One very interesting consequence is that if any statements that get executed during import have any side effects, those side effects will only happen when the module is first loaded by the interpreter. For example, suppose you had two modules a.py and b.py with the following code:
# a.py
print('hello world')
# b.py
print('goodbye world')
import a
If you run import a followed by import b then you will see
>>> import a
hello world
>>> import b
goodbye world
>>>
However, if you import in the opposite order, you get this:
>>> import b
goodbye world
hello world
>>> import a
>>>
Anyway, I think I've rambled enough and I hope I've adequately answered the question while giving some background. If this is at all interesting, I'd recommend Allison Kaptur's PyCon 2014 talk about import.
You can import the same module in separate files (custom modules) as far as I know. Python keeps track of already imported modules and knows how to resolve a second import.
When writing python modules, is there a way to prevent it being imported twice by the client codes? Just like the c/c++ header files do:
#ifndef XXX
#define XXX
...
#endif
Thanks very much!
Python modules aren't imported multiple times. Just running import two times will not reload the module. If you want it to be reloaded, you have to use the reload statement. Here's a demo
foo.py is a module with the single line
print("I am being imported")
And here is a screen transcript of multiple import attempts.
>>> import foo
Hello, I am being imported
>>> import foo # Will not print the statement
>>> reload(foo) # Will print it again
Hello, I am being imported
Imports are cached, and only run once. Additional imports only cost the lookup time in sys.modules.
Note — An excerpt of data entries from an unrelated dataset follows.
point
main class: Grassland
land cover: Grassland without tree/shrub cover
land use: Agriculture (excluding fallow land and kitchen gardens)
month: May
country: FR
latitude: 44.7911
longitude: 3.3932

As specified in other answers, Python generally doesn't reload a module when encountering a second import statement for it. Instead, it returns its cached version from sys.modules without executing any of its code.
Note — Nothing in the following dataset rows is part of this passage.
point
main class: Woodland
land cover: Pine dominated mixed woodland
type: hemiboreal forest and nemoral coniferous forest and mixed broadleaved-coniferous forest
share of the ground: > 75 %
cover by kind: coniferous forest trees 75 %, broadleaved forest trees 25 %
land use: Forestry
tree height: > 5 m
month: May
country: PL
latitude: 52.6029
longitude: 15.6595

However there are several pitfalls worth noting:
Importing the main module as an ordinary module effectively creates two instances of the same module under different names.
This occurs because during program startup the main module is set up with the name __main__. Thus, when importing it as an ordinary module, Python doesn't detect it in sys.modules and imports it again, but with its proper name the second time around.
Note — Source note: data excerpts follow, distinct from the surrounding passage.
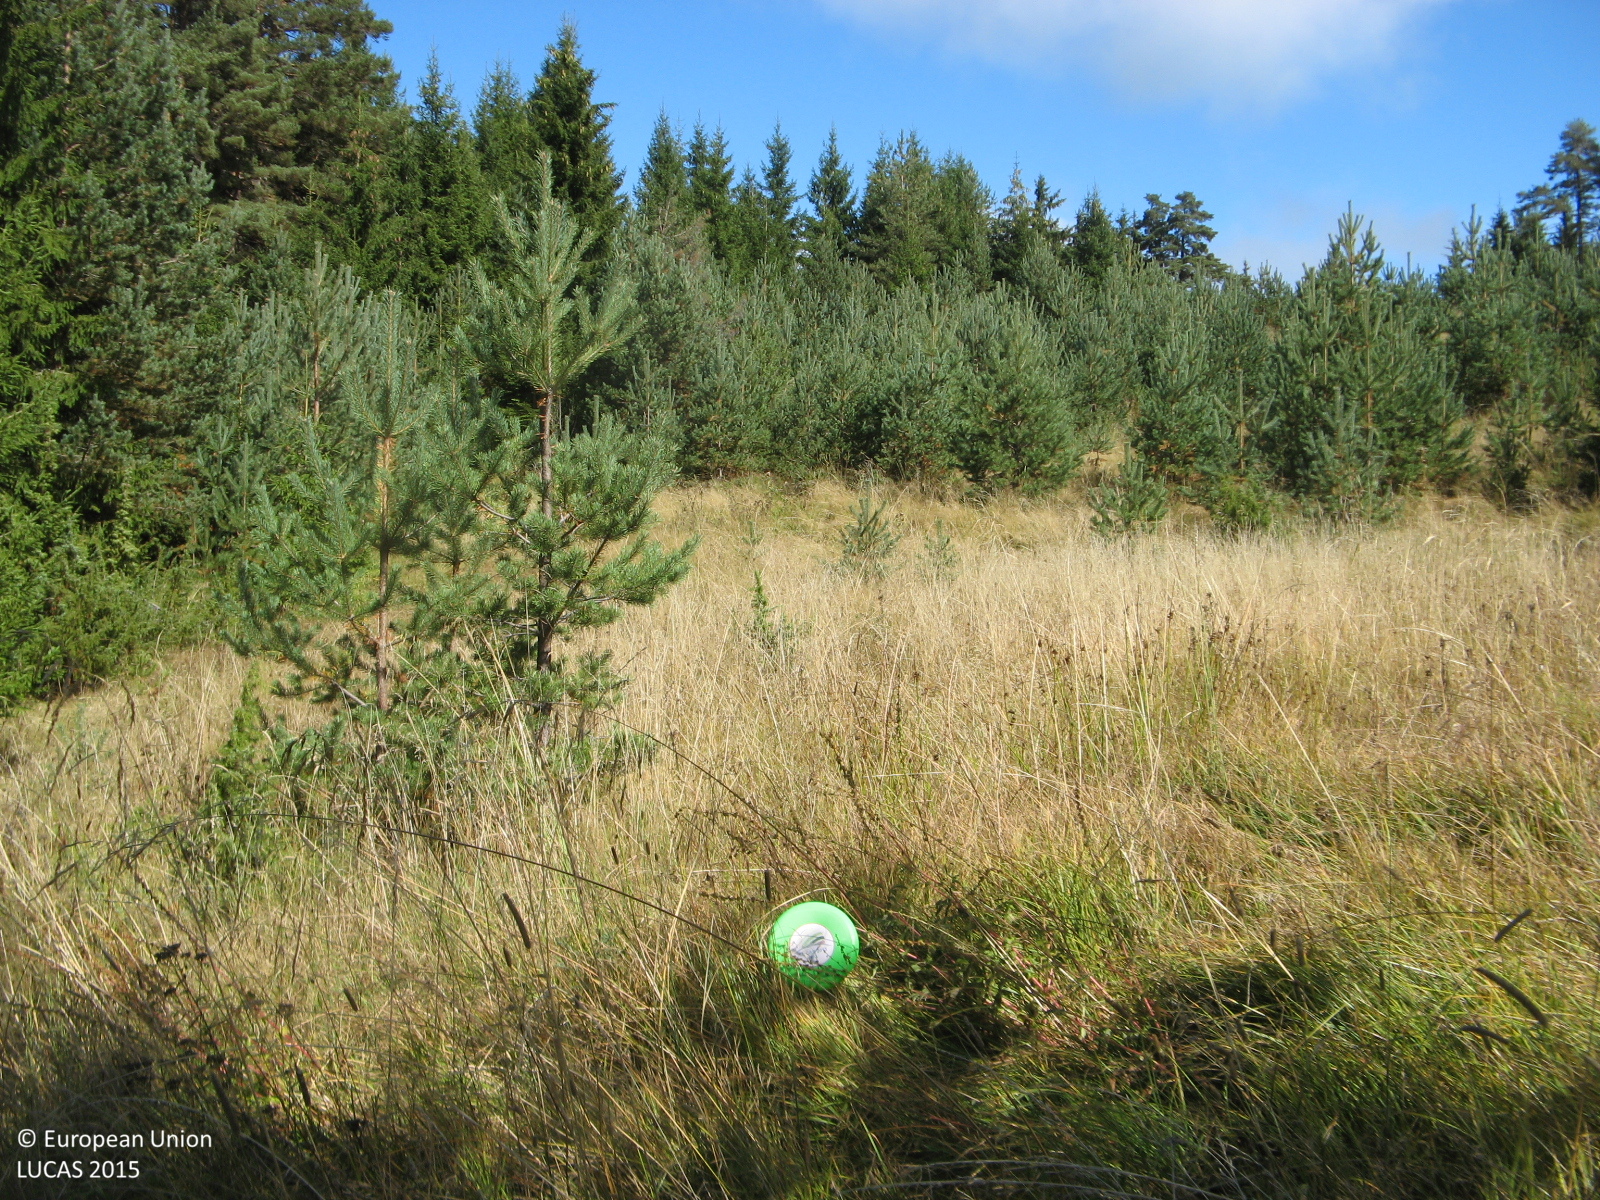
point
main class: Grassland
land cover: Grassland with sparse tree/shrub cover
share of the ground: > 75 %
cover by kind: herbaceous plants 90 %, coniferous forest trees 5 %, shrubs 5 %
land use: Fallow land
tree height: < 5 m
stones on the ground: < 10 %
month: September
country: BG
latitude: 41.5971
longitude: 24.4242

Consider the file /tmp/a.py with the following content:
# /tmp/a.py
import sys
print "%s executing as %s, recognized as %s in sys.modules" % (__file__, __name__, sys.modules[__name__])
import b
Another file /tmp/b.py has a single import statement for a.py (import a).
Executing /tmp/a.py results in the following output:
root#machine:/tmp$ python a.py
a.py executing as __main__, recognized as <module '__main__' from 'a.py'> in sys.modules
/tmp/a.pyc executing as a, recognized as <module 'a' from '/tmp/a.pyc'> in sys.modules
Therefore, it is best to keep the main module fairly minimal and export most of its functionality to an external module, as advised here.
This answer specifies two more possible scenarios:
Slightly different import statements utilizing different entries in sys.path leading to the same module.
Attempting another import of a module after a previous one failed halfway through.